Though we’ve normalized all the above to cope with the despair of it, the fact is: America’s in deep, steep decline. Hence the pressing question now isn’t: how did it get here? It’s: can it pull itself up from decline?

To answer it, consider a tiny idea about what the opposite of decline really is.

True prosperity is built not merely when the rich and privileged reach their potential. But when everyone does.

If you accept the proposition above, then there are essentially three ways out of stagnation in meta-modern America.

First, central bank injections to people’s bank accounts. What is colloquially called “helicopter money”, or “people’s quantitative easing”. The logic is simple. Just as the government bailed out banks, so it should have bailed out the real economy instead. In previous eras, such a strategy was impossible — how was the central bank physically to distribute cash across the economy? But now it is as simple as entering data.

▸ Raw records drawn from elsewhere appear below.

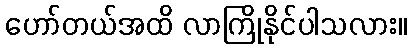
ဟော်တယ်အထိ လာကြိုနိုင်ပါသလား။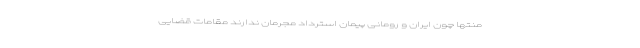
منتها چون ایران و رومانی پیمان استرداد مجرمان ندارند مقامات قضایی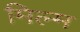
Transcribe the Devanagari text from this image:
मिल्म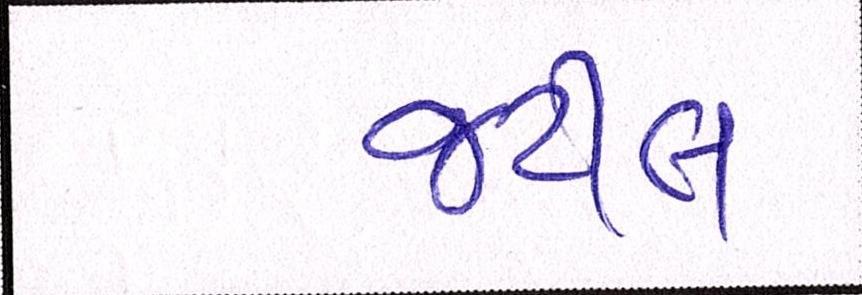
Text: જટીલ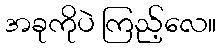
အခုကိုပဲ ကြည့်လေ။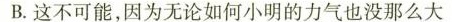
B.这不可能，因为无论如何小明的力气也没那么大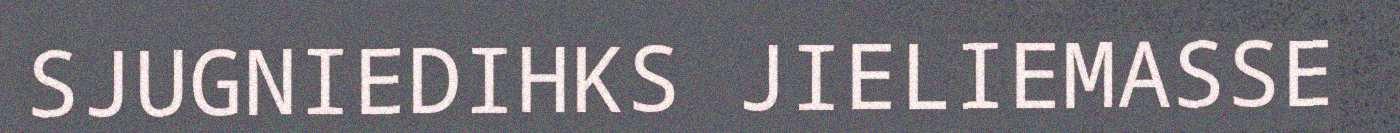
SJUGNIEDIHKS JIELIEMASSE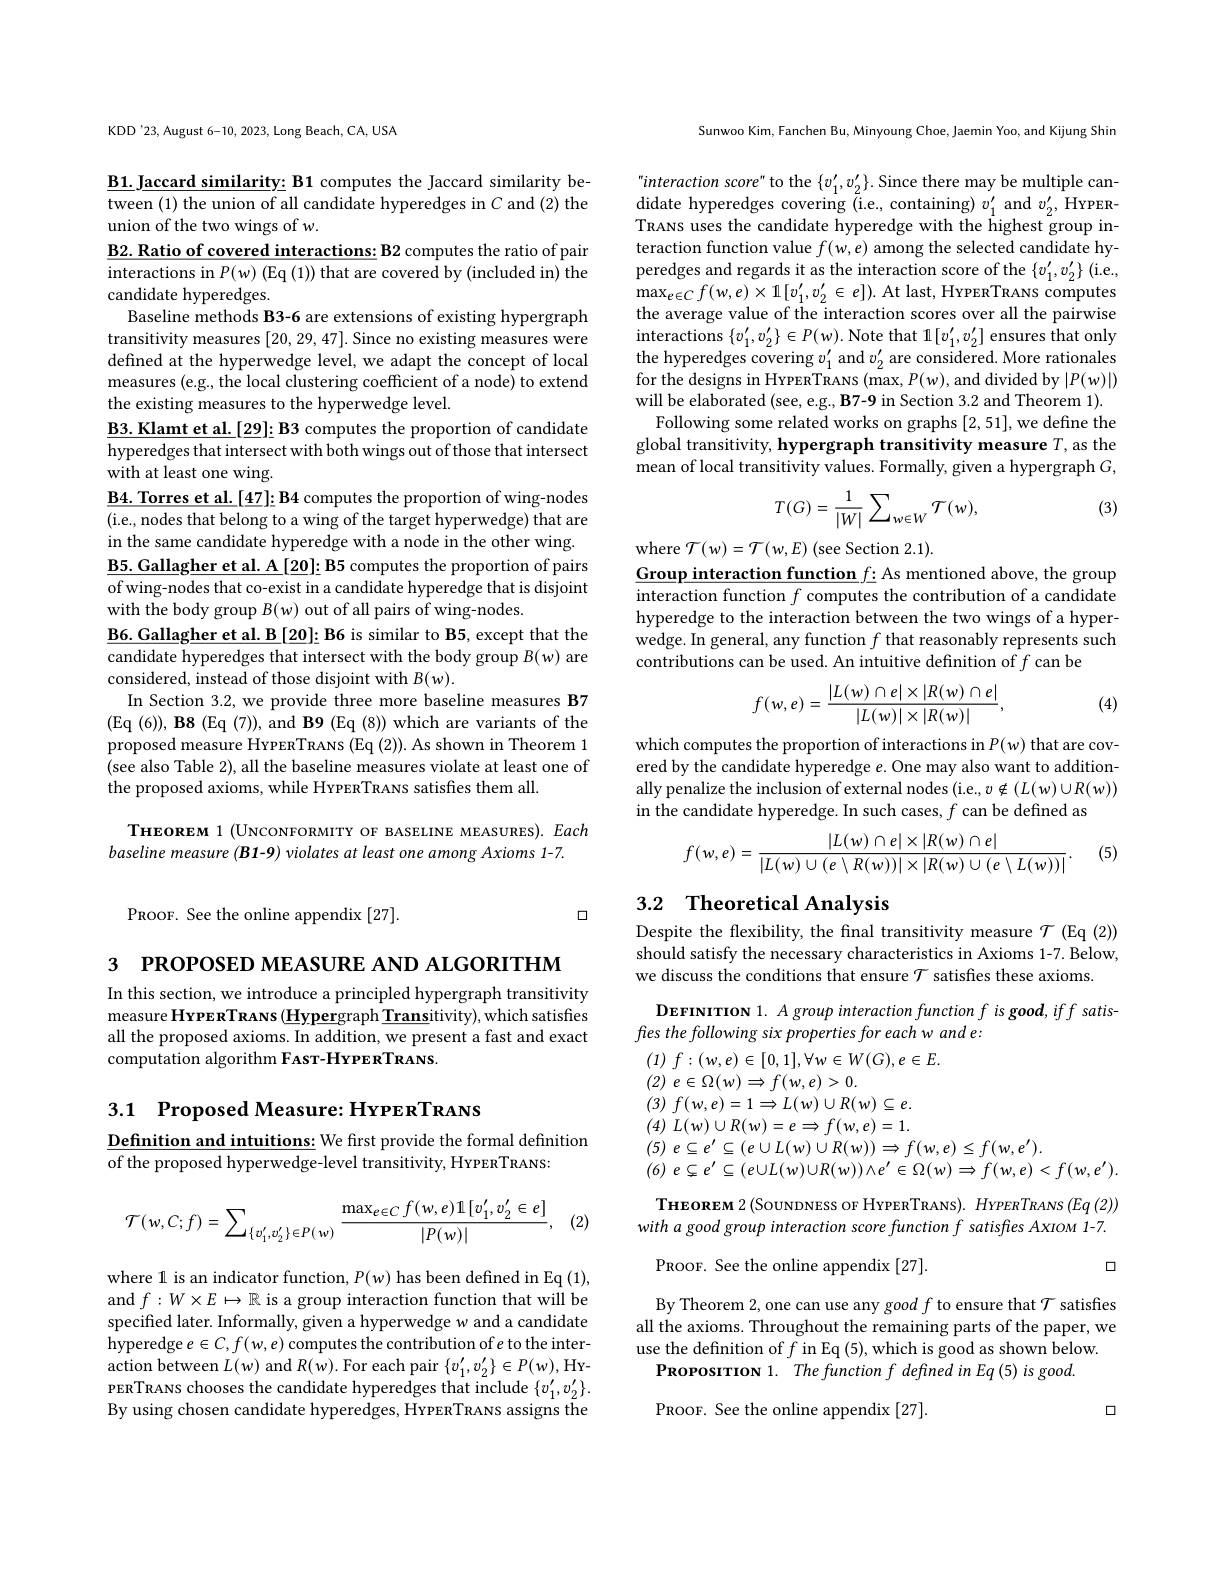
KDD'23, August 6-10, 2023, Long Beach, CA, USA

$\underline{\text{B1. Jaccard similarity: B1 computes the Jaccard similarity be-}}$ tween (1) the union of all candidate hyperedges in $C$ and (2) the union of the two wings of $w.$
$\underline{\textbf{B2. Ratio of covered interactions: B2 computes the ratio of pair}}$ interactions in $P(w)$ (Eq (1)) that are covered by (included in) the candidate hyperedges.
Baseline methods B3-6 are extensions of existing hypergraph transitivity measures [20,29,47]. Since no existing measures were defned at the hyperwedge level, we adapt the concept of local measures (e.g., the local clustering coefficient of a node) to extend the existing measures to the hyperwedge level.
$\underline{\text{B3. Klamt et al.[29]: B3 computes the proportion of candidate}}$ hyperedges that intersect with both wings out of those that intersect with at least one wing.
$\underline{\text{B4. Torres et al. [47]: B4 computes the proportion of wing-nodes}}$ (i.e., nodes that belong to a wing of the target hyperwedge) that are in the same candidate hyperedge with a node in the other wing. $\underline{\textbf{B5. Gallagher et al. A}[20]:\text{B5 computes the proportion of pairs}}$ of wing-nodes that co-exist in a candidate hyperedge that is disjoint with the body group $B(w)$ out of all pairs of wing-nodes.
$\underline{\text{B6. Gallagher et al. B}[20]:\text{B6 is similar to B5, except that the}}$ candidate hyperedges that intersect with the body group $B(w)$ are considered, instead of those disjoint with $B(w).$
In Section 3.2, we provide three more baseline measures B7 (Eq ( 6) ) , B8 ( Eq ( 7) ) , and B9 ( Eq ( 8) ) which are variants of the proposed measure HrpenTRANs (Eq (2)). As shown in Theorem 1 (see also Table 2), all the baseline measures violate at least one of the proposed axioms, while HrPERTRANS satisfies them all.
THEOREM 1 (UNCONFORMITY OF BASELINE MEASURES).Each

baseline measure (B1-9) violates at least one among Axioms 1-7.

PROOF. See the online appendix [27].

口

3 РROPOSED МЕАSURE АND ALGORITHM

In this section, we introduce a principled hypergraph transitivity measure HrpERTRANs (Hypergraph Transitivity), which satisfies all the proposed axioms. In addition, we present a fast and exact computation algorithm FAsT-HYPERTRANS

3.1 Proposed Measure: HYPERTRANS

$\underline{\text{Definition and intuitions: We frst provide the formal definition}}$
of the proposed hyperwedge-level transitivity, HYPERTRANS:

(2)
$$\mathcal{T}(w,C;f)=\sum_{\{v_1',v_2'\}\in P(w)}\frac{\max_{e\in C}f(w,e)\mathbb{1}[v_1',v_2'\in e]}{|P(w)|},$$
where 1 is an indicator function, $P(w)$ has been defined in Eq (1), and $f:W\times E\mapsto\mathbb{R}$ is a group interaction function that will be specified later. Informally, given a hyperwedge w and a candidate hyperedge $e\in C,f(w,e)$ computes the contribution of $e$ to the interaction between $L(w)$ and $R(w).$ For each pair $\{v_1^{\prime},v_2^{\prime}\}\in P(w)$,HrPERTRANS chooses the candidate hyperedges that include $\{v_1^{\prime},v_2^{\prime}\}.$ By using chosen candidate hyperedges, HYPERTRANS assigns the

Sunwoo Kim, Fanchen Bu, Minyoung Choe, Jaemin Yoo, and Kijung Shin

$interactionscore^{\prime\prime}$ to the $\{v_1^{\prime},v_2^{\prime}\}.$ Since there may be multiple can- $\operatorname*{didate}$hyperedges covering (i.e, containing) $v_1^{\prime}$ and $v_2^{\prime}$, HYPERTRANS uses the candidate hyperedge with the highest group interaction function value $f(w,e)$ among the selected candidate hyperedges and regards it as the interaction score of the $\{v_1^{\prime},v_2^{\prime}\}$ (i.e., $\max_{e\in C}f(w,e)\times1[v_{1}^{\prime},v_{2}^{\prime}\in e]).$At last, HrrenTRANs computes the average value of the interaction scores over all the pairwise $\operatorname*{interactions}\left\{v_{1}^{\prime},v_{2}^{\prime}\right\}\in P(w).$Note that $1[v_1^{\prime},v_2^{\prime}]$ ensures that only the hyperedges covering $v_1^{\prime}$ and $v_2^{\prime}$ are considered. More rationales for the designs in HrpenTRANS (max, $P(w)$,and divided by $|P(w)|)$ will be elaborated (see, e.g., B7-9 in Section 3.2 and Theorem 1).
Following some related works on graphs [2,51], we define the global transitivity, hypergraph transitivity measure $T$, as the mean of local transitivity values. Formally, given a hypergraph $G$,

(3)
$$T(G)=\frac{1}{|W|}\sum_{w\in W}\mathcal{T}(w),$$
where $\mathcal{T}(w)=\mathcal{T}(w,E)$ (see Section 2.1)
Group interaction function $f{:}$ As mentioned above, the group interaction function $f$ computes the contribution of a candidate hyperedge to the interaction between the two wings of a hyperwedge. In general, any function $f$ that reasonably represents such contributions can be used. An intuitive definition of $f$ can be
$$f(w,e)=\frac{|L(w)\cap e|\times|R(w)\cap e|}{|L(w)|\times|R(w)|},$$
(4)

which computes the proportion of interactions in $P(w)$ that are covered by the candidate hyperedge $e.$ One may also want to additionally penalize the inclusion of external nodes (i.e., v ¢ (L(w)UR(w)) in the candidate hyperedge. In such cases, $f$ can be defined as
(5)
$$f(w,e)=\frac{|L(w)\cap e|\times|R(w)\cap e|}{|L(w)\cup(e\setminus R(w))|\times|R(w)\cup(e\setminus L(w))|}.$$
## 3.2 Theoretical Analysis

Despite the flexibility, the final transitivity measure $\mathcal{T}$ (Eq (2)) should satisfy the necessary characteristics in Axioms 1-7. Below, we discuss the conditions that ensure $\mathcal{T}$ satisfies these axioms.

DEFINITION 1. A group interaction function f is good, iff satis-
fres the following six properties for each w and e:
(1) $f: ( w, e) \in [ 0, 1] , \forall w\in W( G) , e\in E.$
(2) $e\in \Omega ( w) \Rightarrow f( w, e) > 0.$
(3) $f( w, e) = 1\Rightarrow L( w) \cup R( w) \subseteq e.$ (4) $L( w) \cup R( w) = e\Rightarrow f( w, e) = 1.$ (5) $e\subseteq e^{\prime }\subseteq ( e\cup L( w) \cup R( w) ) \Rightarrow f( w, e) \leq f( w, e^{\prime }) .$
(6) $e\subsetneq e^{\prime }\subseteq ( e\cup L( w) \cup R( w) ) \wedge e^{\prime }\in \Omega ( w) \Rightarrow f( w, e) < f( w, e^{\prime }) .$ THEOREM 2 (SouNDNESS OF HYPERTRANS). $HYPERTRANS\left(Eq\left(2\right)\right)$ with a good group interaction score function f satisfies AxIOM 1-7.

口

PROOF. See the online appendix [27].

By Theorem 2, one can use any good $f$ to ensure that $\mathcal{T}$ satisfies all the axioms. Throughout the remaining parts of the paper, we use the definition of $f$ in Eq (5), which is good as shown below.
PROPOSITION 1. The function $f$ defined in Eq(5) is good.

口

PROOF. See the online appendix [27].

Second, social insurance. While it’s been eroded to the point of insignificance in America, especially in times of stagnation, when middle classes are imploding, people must be insured against the loss of their income, assets, opportunities, etc. That insurance mustn’t merely be for a mere few weeks — but it’s horizon should be long enough to provide people true stability. That social insurance can be conditional, as it is in many other countries. Whatever its contingencies, the idea is simple: direct cash transfers to citizens from the government.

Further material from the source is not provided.